### DATA FOR PROCESSING:
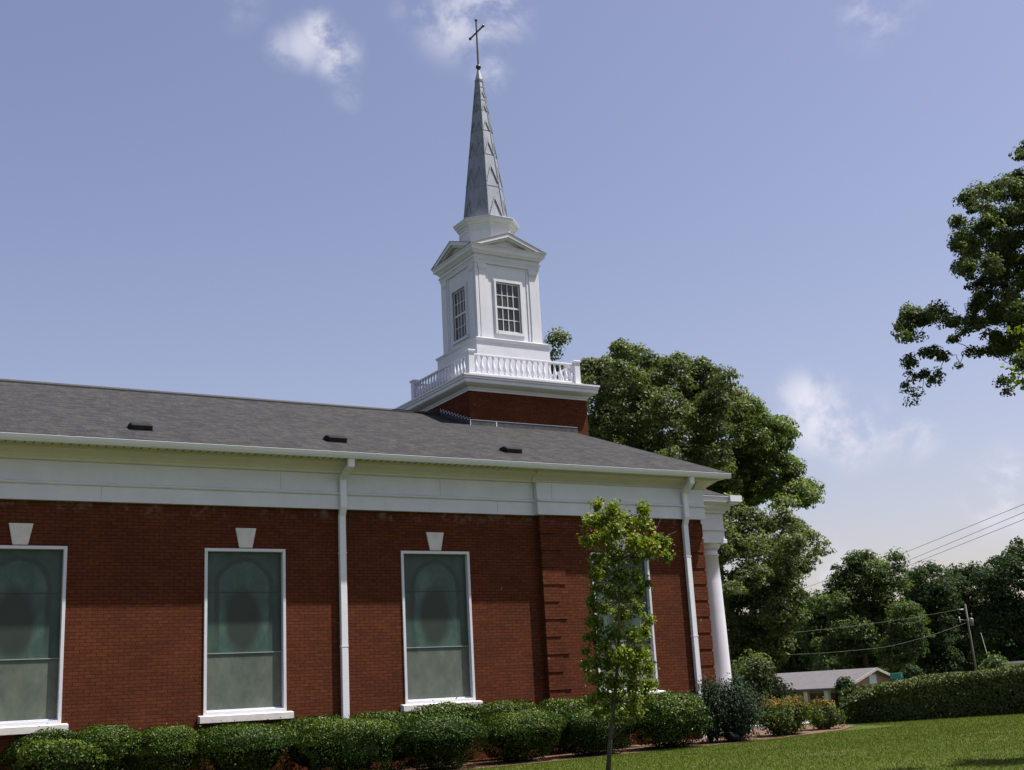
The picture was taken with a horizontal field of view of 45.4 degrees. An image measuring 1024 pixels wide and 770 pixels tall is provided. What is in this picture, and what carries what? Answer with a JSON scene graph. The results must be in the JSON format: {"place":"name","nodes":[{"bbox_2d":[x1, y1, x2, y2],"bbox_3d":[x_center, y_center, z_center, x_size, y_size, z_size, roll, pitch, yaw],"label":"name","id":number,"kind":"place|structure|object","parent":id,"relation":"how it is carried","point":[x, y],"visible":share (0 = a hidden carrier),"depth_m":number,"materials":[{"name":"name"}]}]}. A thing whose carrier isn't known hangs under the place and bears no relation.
{"place":"outdoors","nodes":[
{"label":"outdoors","id":0,"kind":"place"},
{"bbox_2d":[0,0,1023,646],"label":"sky","id":1,"kind":"structure","parent":0,"point":[261,199],"materials":[{"name":"blue"}]},
{"bbox_2d":[447,713,1023,769],"bbox_3d":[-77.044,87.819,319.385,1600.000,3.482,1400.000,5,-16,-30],"label":"ground","id":2,"kind":"structure","parent":0,"point":[858,727],"depth_m":23.00,"materials":[{"name":"green plant"}]},
{"bbox_2d":[0,725,77,769],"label":"boxwood shrub","id":3,"kind":"object","parent":2,"relation":"on","point":[18,742],"visible":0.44,"depth_m":22.59,"materials":[{"name":"green plant"}]},
{"bbox_2d":[0,19,763,769],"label":"church","id":4,"kind":"structure","parent":2,"relation":"on","point":[176,559],"depth_m":27.27,"materials":[{"name":"red brick"}]},
{"bbox_2d":[0,523,67,735],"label":"window","id":5,"kind":"structure","parent":4,"relation":"in","point":[32,578],"depth_m":23.33,"materials":[{"name":"green glass"}]},
{"bbox_2d":[197,528,293,723],"bbox_3d":[-5.519,4.926,25.372,1.962,3.931,0.310,5,-16,-30],"label":"window","id":6,"kind":"structure","parent":4,"relation":"in","point":[244,661],"depth_m":25.40,"materials":[{"name":"green glass"}]},
{"bbox_2d":[400,532,482,711],"bbox_3d":[-1.673,5.282,27.598,1.962,3.931,0.310,5,-16,-30],"label":"window","id":7,"kind":"structure","parent":4,"relation":"in","point":[438,650],"depth_m":27.65,"materials":[{"name":"green glass"}]},
{"bbox_2d":[450,282,468,345],"bbox_3d":[-1.651,-2.251,39.005,0.115,1.840,1.080,5,-16,-30],"label":"belfry window","id":8,"kind":"structure","parent":4,"relation":"in","point":[460,318],"depth_m":39.08,"materials":[{"name":"white paint"}]},
{"bbox_2d":[492,278,524,337],"bbox_3d":[-0.111,-2.429,38.631,1.080,1.840,0.115,5,-16,-30],"label":"belfry window","id":9,"kind":"structure","parent":4,"relation":"in","point":[507,303],"depth_m":38.68,"materials":[{"name":"white paint"}]},
{"bbox_2d":[590,536,663,698],"bbox_3d":[2.736,5.648,29.981,1.962,3.931,0.310,5,-16,-30],"label":"window","id":10,"kind":"structure","parent":4,"relation":"in","point":[645,564],"depth_m":30.19,"materials":[{"name":"white paint"}]},
{"bbox_2d":[392,724,852,769],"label":"mulch bed","id":11,"kind":"object","parent":2,"relation":"on","point":[482,763],"visible":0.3,"depth_m":27.21,"materials":[{"name":"brown wood"}]},
{"bbox_2d":[12,733,108,769],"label":"boxwood shrub","id":12,"kind":"object","parent":11,"relation":"on","point":[56,756],"visible":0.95,"depth_m":22.03,"materials":[{"name":"green plant"}]},
{"bbox_2d":[70,719,140,769],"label":"boxwood shrub","id":13,"kind":"object","parent":11,"relation":"on","point":[106,737],"visible":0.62,"depth_m":22.70,"materials":[{"name":"green plant"}]},
{"bbox_2d":[111,729,194,769],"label":"boxwood shrub","id":14,"kind":"object","parent":11,"relation":"on","point":[131,758],"visible":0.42,"depth_m":22.70,"materials":[{"name":"green plant"}]},
{"bbox_2d":[131,720,202,769],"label":"boxwood shrub","id":15,"kind":"object","parent":11,"relation":"on","point":[174,752],"visible":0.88,"depth_m":22.76,"materials":[{"name":"green plant"}]},
{"bbox_2d":[199,720,276,769],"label":"boxwood shrub","id":16,"kind":"object","parent":11,"relation":"on","point":[219,736],"visible":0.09,"depth_m":23.69,"materials":[{"name":"green plant"}]},
{"bbox_2d":[191,717,305,769],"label":"boxwood shrub","id":17,"kind":"object","parent":11,"relation":"on","point":[245,748],"visible":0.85,"depth_m":23.16,"materials":[{"name":"green plant"}]},
{"bbox_2d":[274,710,350,769],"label":"boxwood shrub","id":18,"kind":"object","parent":11,"relation":"on","point":[298,724],"visible":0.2,"depth_m":24.51,"materials":[{"name":"green plant"}]},
{"bbox_2d":[286,714,403,769],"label":"boxwood shrub","id":19,"kind":"object","parent":11,"relation":"on","point":[337,744],"visible":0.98,"depth_m":23.45,"materials":[{"name":"green plant"}]},
{"bbox_2d":[348,705,417,769],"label":"boxwood shrub","id":20,"kind":"object","parent":11,"relation":"on","point":[392,715],"visible":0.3,"depth_m":25.39,"materials":[{"name":"green plant"}]},
{"bbox_2d":[384,710,489,769],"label":"boxwood shrub","id":21,"kind":"object","parent":11,"relation":"on","point":[435,740],"visible":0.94,"depth_m":24.30,"materials":[{"name":"green plant"}]},
{"bbox_2d":[408,695,484,765],"bbox_3d":[-1.413,7.420,26.288,1.839,1.472,1.126,5,-16,-30],"label":"boxwood shrub","id":22,"kind":"object","parent":11,"relation":"on","point":[454,708],"visible":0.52,"depth_m":26.20,"materials":[{"name":"green plant"}]},
{"bbox_2d":[467,697,541,757],"bbox_3d":[-0.088,7.585,27.041,1.779,1.352,1.078,5,-16,-30],"label":"boxwood shrub","id":23,"kind":"object","parent":11,"relation":"on","point":[513,705],"visible":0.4,"depth_m":26.89,"materials":[{"name":"green plant"}]},
{"bbox_2d":[476,708,566,762],"bbox_3d":[0.175,7.381,25.851,2.014,1.159,1.592,5,-16,-30],"label":"boxwood shrub","id":24,"kind":"object","parent":11,"relation":"on","point":[515,734],"visible":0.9,"depth_m":25.40,"materials":[{"name":"green plant"}]},
{"bbox_2d":[536,694,601,753],"bbox_3d":[1.228,7.711,27.835,1.751,1.325,1.101,5,-16,-30],"label":"boxwood shrub","id":25,"kind":"object","parent":11,"relation":"on","point":[560,707],"visible":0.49,"depth_m":27.58,"materials":[{"name":"green plant"}]},
{"bbox_2d":[551,706,632,755],"bbox_3d":[1.702,7.477,26.513,1.695,1.100,1.487,5,-16,-30],"label":"boxwood shrub","id":26,"kind":"object","parent":11,"relation":"on","point":[585,733],"visible":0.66,"depth_m":26.04,"materials":[{"name":"green plant"}]},
{"bbox_2d":[587,690,644,747],"bbox_3d":[2.536,7.766,28.564,1.758,1.406,1.104,5,-16,-30],"label":"boxwood shrub","id":27,"kind":"object","parent":11,"relation":"on","point":[619,706],"visible":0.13,"depth_m":28.33,"materials":[{"name":"green plant"}]},
{"bbox_2d":[627,687,713,748],"bbox_3d":[3.541,7.459,27.432,1.991,1.350,1.742,5,-16,-30],"label":"boxwood shrub","id":28,"kind":"object","parent":11,"relation":"on","point":[671,716],"visible":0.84,"depth_m":26.95,"materials":[{"name":"green plant"}]},
{"bbox_2d":[690,665,741,743],"bbox_3d":[4.568,7.395,28.375,1.544,1.781,1.583,5,-16,-30],"label":"juniper","id":29,"kind":"object","parent":11,"relation":"on","point":[711,735],"visible":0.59,"depth_m":28.24,"materials":[{"name":"green plant"}]},
{"bbox_2d":[725,732,739,741],"bbox_3d":[5.055,8.061,27.969,0.325,0.299,0.260,5,-16,-30],"label":"floodlight","id":30,"kind":"object","parent":11,"relation":"on","point":[732,736],"visible":0.94,"depth_m":27.88,"materials":[{"name":"black plastic"}]},
{"bbox_2d":[701,672,774,741],"bbox_3d":[5.061,7.476,28.453,2.075,1.591,1.827,5,-16,-30],"label":"juniper","id":31,"kind":"object","parent":11,"relation":"on","point":[744,707],"visible":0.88,"depth_m":28.22,"materials":[{"name":"green plant"}]},
{"bbox_2d":[752,694,818,735],"bbox_3d":[6.573,7.997,29.733,2.006,1.022,1.478,5,-16,-30],"label":"nandina shrub","id":32,"kind":"object","parent":11,"relation":"on","point":[789,715],"visible":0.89,"depth_m":29.39,"materials":[{"name":"green plant"}]},
{"bbox_2d":[805,696,849,729],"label":"nandina shrub","id":33,"kind":"object","parent":11,"relation":"on","point":[829,717],"visible":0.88,"depth_m":30.99,"materials":[{"name":"green plant"}]},
{"bbox_2d":[577,496,675,769],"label":"young maple","id":34,"kind":"object","parent":2,"relation":"on","point":[610,660],"visible":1,"depth_m":20.91,"materials":[{"name":"green plant"}]},
{"bbox_2d":[543,326,756,491],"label":"oak tree","id":35,"kind":"object","parent":2,"relation":"on","point":[701,410],"visible":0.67,"depth_m":51.56,"materials":[{"name":"green plant"}]},
{"bbox_2d":[708,389,826,583],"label":"oak tree","id":36,"kind":"object","parent":2,"relation":"on","point":[763,443],"visible":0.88,"depth_m":55.22,"materials":[{"name":"green plant"}]},
{"bbox_2d":[731,649,803,709],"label":"viburnum bush","id":37,"kind":"object","parent":2,"relation":"on","point":[753,669],"visible":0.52,"depth_m":40.10,"materials":[{"name":"green plant"}]},
{"bbox_2d":[717,491,836,678],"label":"oak tree","id":38,"kind":"object","parent":2,"relation":"on","point":[770,594],"visible":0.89,"depth_m":49.11,"materials":[{"name":"green plant"}]},
{"bbox_2d":[773,588,819,672],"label":"woodland tree","id":39,"kind":"object","parent":2,"relation":"on","point":[791,665],"visible":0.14,"depth_m":99.36,"materials":[{"name":"green plant"}]},
{"bbox_2d":[733,667,895,712],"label":"brick house","id":40,"kind":"structure","parent":2,"relation":"on","point":[812,685],"depth_m":75.16,"materials":[{"name":"grey"}]},
{"bbox_2d":[790,589,848,670],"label":"woodland tree","id":41,"kind":"object","parent":2,"relation":"on","point":[818,623],"visible":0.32,"depth_m":91.19,"materials":[{"name":"green plant"}]},
{"bbox_2d":[831,676,856,709],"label":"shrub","id":42,"kind":"object","parent":2,"relation":"on","point":[845,683],"visible":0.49,"depth_m":54.80,"materials":[{"name":"green plant"}]},
{"bbox_2d":[808,546,916,672],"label":"woodland tree","id":43,"kind":"object","parent":2,"relation":"on","point":[848,598],"visible":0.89,"depth_m":87.18,"materials":[{"name":"green plant"}]},
{"bbox_2d":[837,620,923,669],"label":"woodland tree","id":44,"kind":"object","parent":2,"relation":"on","point":[854,627],"depth_m":119.72,"materials":[{"name":"green plant"}]},
{"bbox_2d":[890,673,903,679],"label":"street sign","id":45,"kind":"object","parent":2,"relation":"on","point":[896,676],"visible":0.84,"depth_m":57.99,"materials":[{"name":"green metal"}]},
{"bbox_2d":[872,599,934,672],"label":"woodland tree","id":46,"kind":"object","parent":2,"relation":"on","point":[908,630],"visible":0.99,"depth_m":83.32,"materials":[{"name":"green plant"}]},
{"bbox_2d":[898,664,924,679],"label":"evergreen bush","id":47,"kind":"object","parent":2,"relation":"on","point":[910,671],"visible":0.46,"depth_m":61.75,"materials":[{"name":"green plant"}]},
{"bbox_2d":[837,664,1023,723],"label":"hedge","id":48,"kind":"object","parent":2,"relation":"on","point":[987,692],"visible":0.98,"depth_m":32.98,"materials":[{"name":"green plant"}]},
{"bbox_2d":[894,559,968,673],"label":"woodland tree","id":49,"kind":"object","parent":2,"relation":"on","point":[933,596],"visible":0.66,"depth_m":102.97,"materials":[{"name":"green plant"}]},
{"bbox_2d":[890,140,1023,406],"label":"oak tree","id":50,"kind":"object","parent":2,"relation":"on","point":[1004,245],"visible":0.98,"depth_m":43.19,"materials":[{"name":"green plant"}]},
{"bbox_2d":[959,604,976,670],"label":"utility pole","id":51,"kind":"object","parent":2,"relation":"on","point":[970,621],"visible":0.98,"depth_m":84.94,"materials":[{"name":"brown wood"}]},
{"bbox_2d":[787,623,964,654],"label":"power line","id":52,"kind":"object","parent":51,"relation":"attached to","point":[872,648],"visible":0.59,"depth_m":74.34,"materials":[{"name":"black rubber"}]},
{"bbox_2d":[790,608,963,632],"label":"power line","id":53,"kind":"object","parent":51,"relation":"attached to","point":[879,622],"visible":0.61,"depth_m":76.17,"materials":[{"name":"black rubber"}]},
{"bbox_2d":[940,560,1009,670],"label":"woodland tree","id":54,"kind":"object","parent":2,"relation":"on","point":[967,593],"visible":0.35,"depth_m":108.51,"materials":[{"name":"green plant"}]},
{"bbox_2d":[976,650,1009,674],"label":"tree","id":55,"kind":"object","parent":2,"relation":"on","point":[994,661],"visible":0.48,"depth_m":57.70,"materials":[{"name":"green plant"}]},
{"bbox_2d":[964,626,1023,667],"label":"woodland tree","id":56,"kind":"object","parent":2,"relation":"on","point":[1021,631],"depth_m":120.07,"materials":[{"name":"green plant"}]},
{"bbox_2d":[967,535,1023,670],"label":"woodland tree","id":57,"kind":"object","parent":2,"relation":"on","point":[1004,610],"visible":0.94,"depth_m":96.43,"materials":[{"name":"green plant"}]},
{"bbox_2d":[999,324,1023,390],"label":"maple tree","id":58,"kind":"object","parent":2,"relation":"on","point":[1013,378],"visible":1,"depth_m":19.99,"materials":[{"name":"green plant"}]},
{"bbox_2d":[1003,661,1023,666],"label":"outbuilding","id":59,"kind":"structure","parent":2,"relation":"on","point":[1012,663],"depth_m":65.96,"materials":[{"name":"white paint"}]},
{"bbox_2d":[746,504,1023,607],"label":"power line","id":60,"kind":"object","parent":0,"point":[932,541],"visible":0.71,"depth_m":72.36,"materials":[{"name":"black rubber"}]},
{"bbox_2d":[810,512,1023,593],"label":"power line","id":61,"kind":"object","parent":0,"point":[956,540],"visible":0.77,"depth_m":70.59,"materials":[{"name":"black rubber"}]},
{"bbox_2d":[811,519,1023,596],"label":"power line","id":62,"kind":"object","parent":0,"point":[953,547],"visible":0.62,"depth_m":71.48,"materials":[{"name":"black rubber"}]}
]}

### PROBLEM STATEMENT:
Your answer should be the lines of the records that hold the string "outdoors".

### ANSWER BELOW:
{"place":"outdoors","nodes":[
{"label":"outdoors","id":0,"kind":"place"},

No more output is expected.